# Data for this exercise:

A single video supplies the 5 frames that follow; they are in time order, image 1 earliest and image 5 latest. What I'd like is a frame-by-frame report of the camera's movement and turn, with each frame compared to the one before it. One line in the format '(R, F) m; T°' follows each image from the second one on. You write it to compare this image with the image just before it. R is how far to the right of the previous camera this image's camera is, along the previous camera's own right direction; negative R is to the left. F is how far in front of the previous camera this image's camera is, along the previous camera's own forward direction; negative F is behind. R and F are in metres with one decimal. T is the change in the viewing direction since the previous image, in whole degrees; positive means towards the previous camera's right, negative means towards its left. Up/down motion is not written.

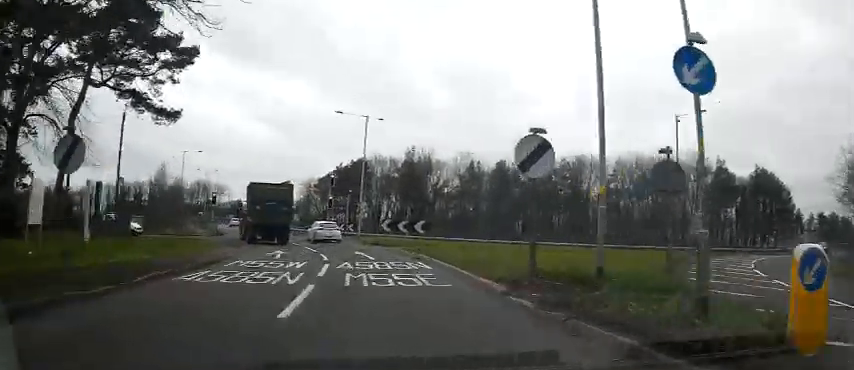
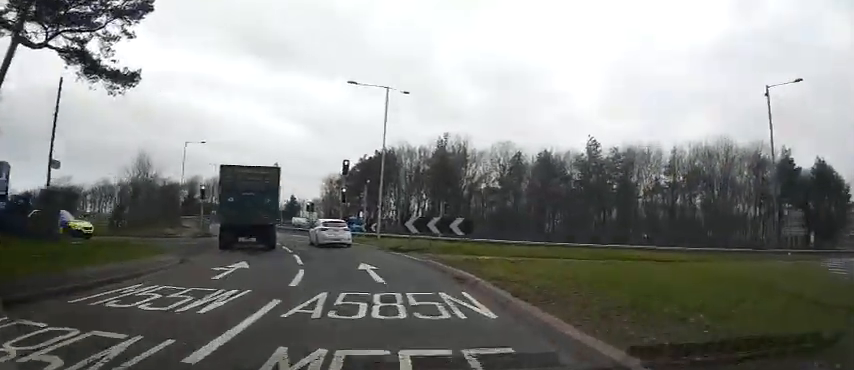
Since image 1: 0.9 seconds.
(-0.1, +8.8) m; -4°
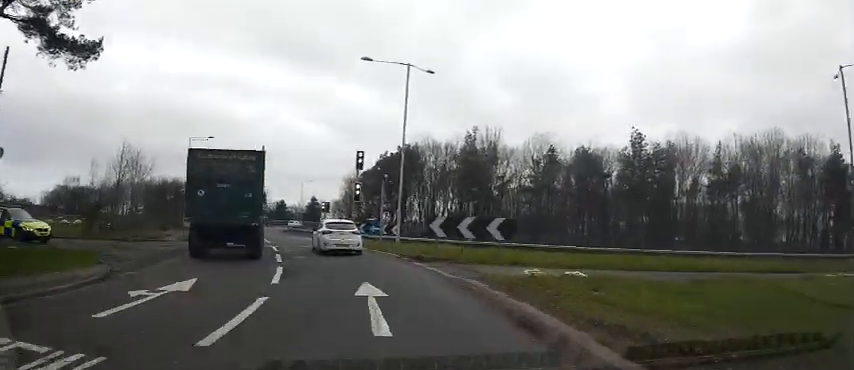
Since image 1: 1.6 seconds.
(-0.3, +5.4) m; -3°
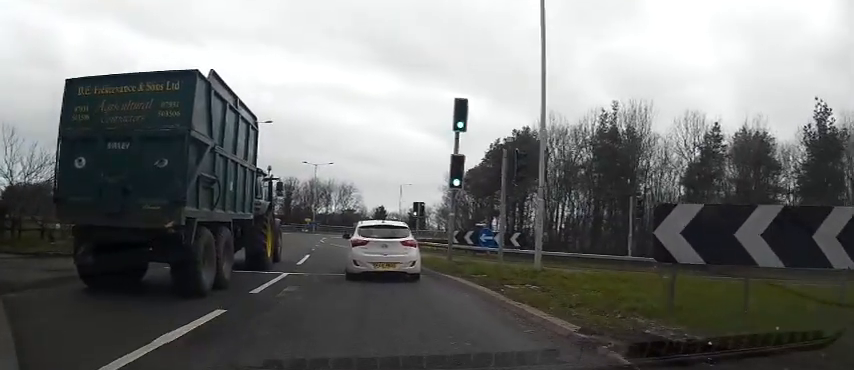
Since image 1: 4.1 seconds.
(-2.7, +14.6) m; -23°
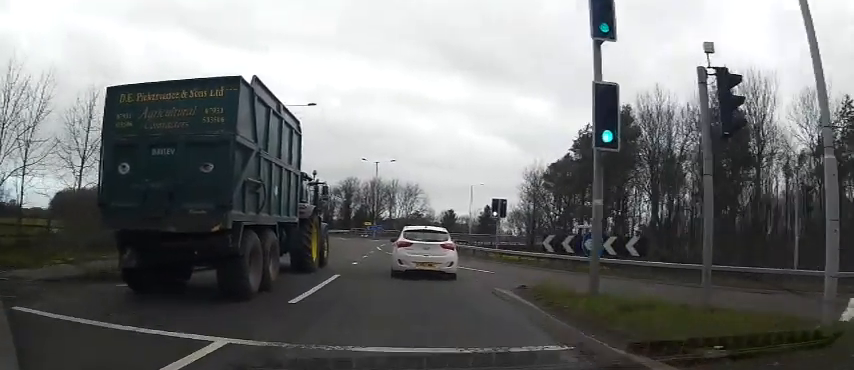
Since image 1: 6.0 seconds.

# Assignment:
When you repeat the listing, keep it exact and leave the pictures behind.

# Solution to this exercise:
A single video supplies the 5 frames that follow; they are in time order, image 1 earliest and image 5 latest. What I'd like is a frame-by-frame report of the camera's movement and turn, with each frame compared to the one before it. One line in the format '(R, F) m; T°' follows each image from the second one on. You write it to compare this image with the image just before it. R is how far to the right of the previous camera this image's camera is, along the previous camera's own right direction; negative R is to the left. F is how far in front of the previous camera this image's camera is, along the previous camera's own forward direction; negative F is behind. R and F are in metres with one decimal. T is the change in the viewing direction since the previous image, in whole degrees; positive means towards the previous camera's right, negative means towards its left. Up/down motion is not written.

Since image 1: 0.9 seconds.
(-0.1, +8.8) m; -4°
Since image 1: 1.6 seconds.
(-0.3, +5.4) m; -3°
Since image 1: 4.1 seconds.
(-2.7, +14.6) m; -23°
Since image 1: 6.0 seconds.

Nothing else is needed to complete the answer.